Last week PolyGram reported operating profits of 10.6m for the first quarter of this year, compared with profits of 56.6m for the same period last year. Only PolyGram’s girl band All Saints and classical tenor Andrea Bocelli managed to sell more than 1 million albums in that period. President Alain Levy blamed flat music sales and forecast that the second quarter would not be much better.

“The industry is at a very uncertain point at the moment,” says SSB’s Jones. He says the demise of the supergroups means that, to keep margins up, record companies may have to release more new acts, and more tried and tested compilation tracks.
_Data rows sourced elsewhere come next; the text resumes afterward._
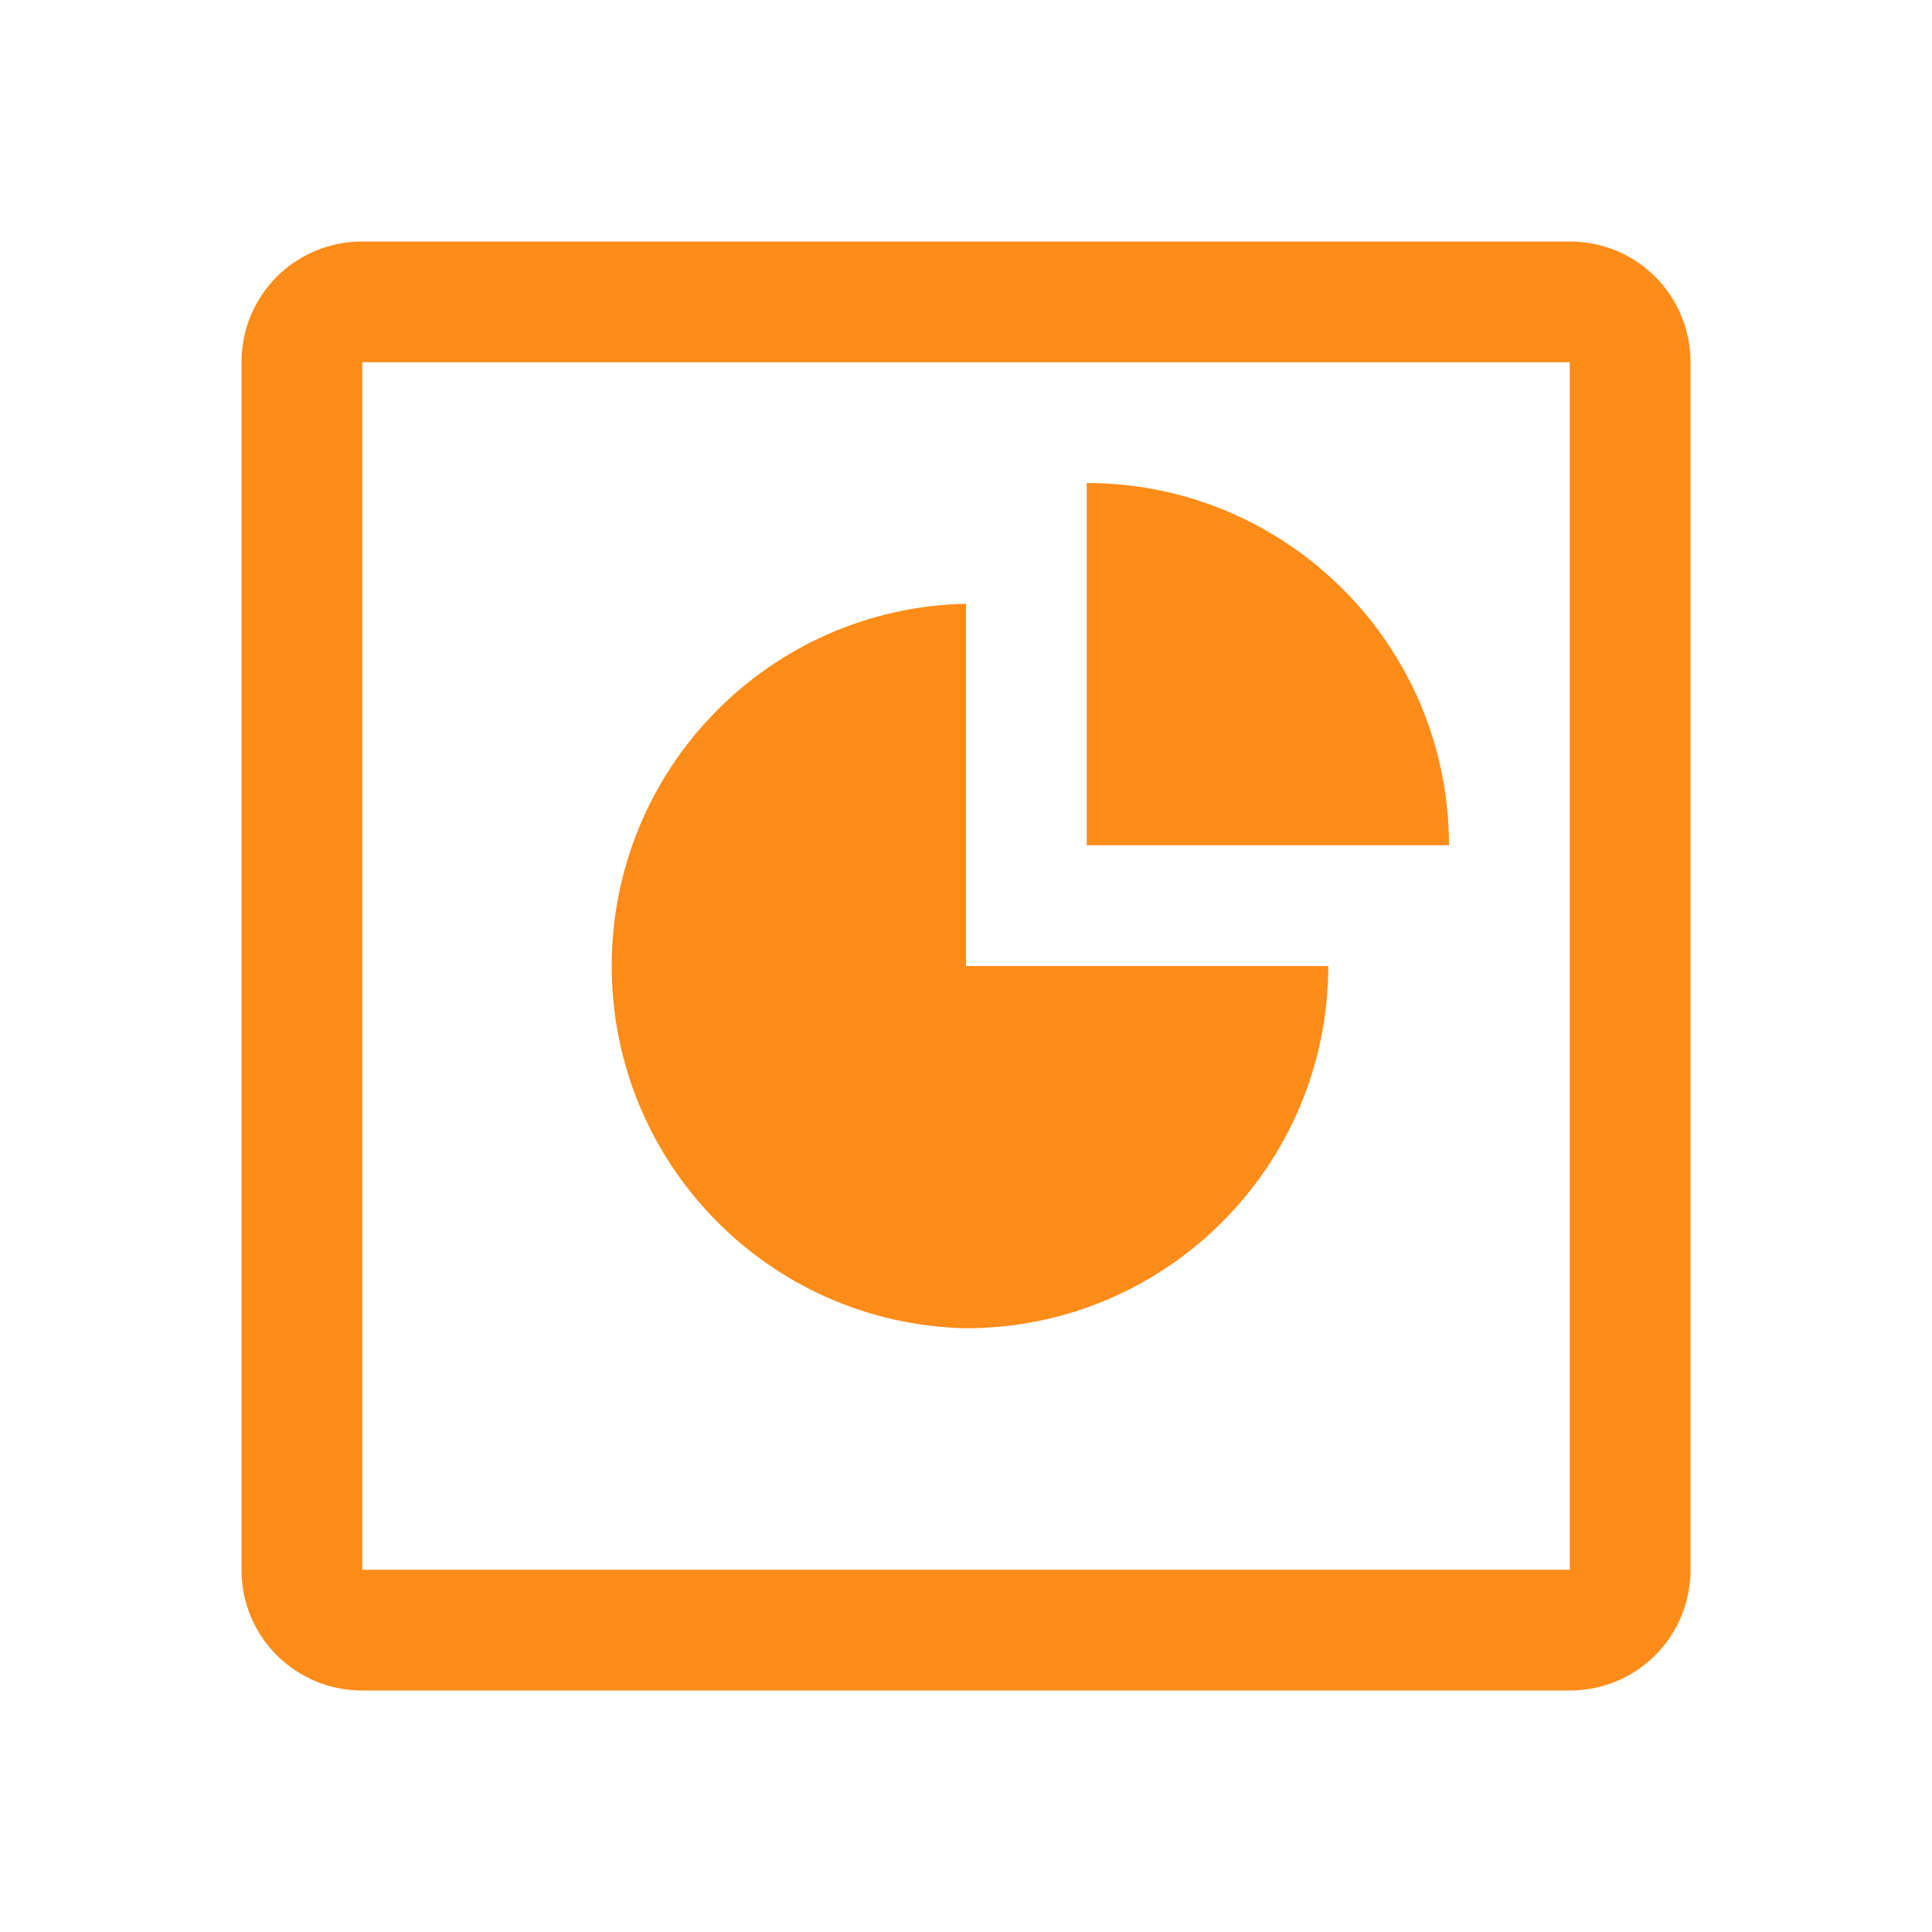 <?xml version="1.0" encoding="UTF-8"?>
<svg xmlns="http://www.w3.org/2000/svg" xmlns:xlink="http://www.w3.org/1999/xlink" width="16px" height="16px" viewBox="0 0 16 16" version="1.1">
<g id="surface1">
<path style=" stroke:none;fill-rule:nonzero;fill:rgb(99.608%,54.902%,9.804%);fill-opacity:1;" d="M 3 2 C 2.445 2 2 2.445 2 3 L 2 13 C 2 13.555 2.445 14 3 14 L 13 14 C 13.555 14 14 13.555 14 13 L 14 3 C 14 2.445 13.555 2 13 2 Z M 3 3 L 13 3 L 13 13 L 3 13 Z M 9 4 L 9 7 L 12 7 C 12 5.344 10.656 4 9 4 M 8 5 C 6.367 5.035 5.066 6.367 5.066 8 C 5.066 9.633 6.367 10.965 8 11 C 9.656 11 11 9.656 11 8 L 8 8 Z M 8 5 "/>
</g>
</svg>

The “Now that’s What I Call Music” series sell roughly 1 to 1.5 million copies each edition and two are released annually.

The music market has been kept buoyant over the past 15 years by people replacing vinyl albums with CDs. The end of this replacement cycle partly explains the slump.

However, Jones thinks music sales can recover the underlying six per cent yearly growth they enjoyed between the early Seventies and mid-Nineties, when the market began to turn down. Youth unemployment in big European markets like Germany, France and Italy has affected music sales heavily. “Europe is beginning to come out of that and this will help sales,” says Jones.

One EMI insider thinks there is far too much doom and gloom written about the industry. She says: “All we need is another couple of hit bands to spark the industry again. That will turn things round. We all know what happened when Freddie Mercury died.”

Record sales went up. However, waiting for the death of a legendary recording artist is a poor business strategy. EMI’s share price has slumped from a 738p peak in August 1996 to 498p earlier this week. For EMI and its shareholders, it may make more sense to sell out to the highest bidder.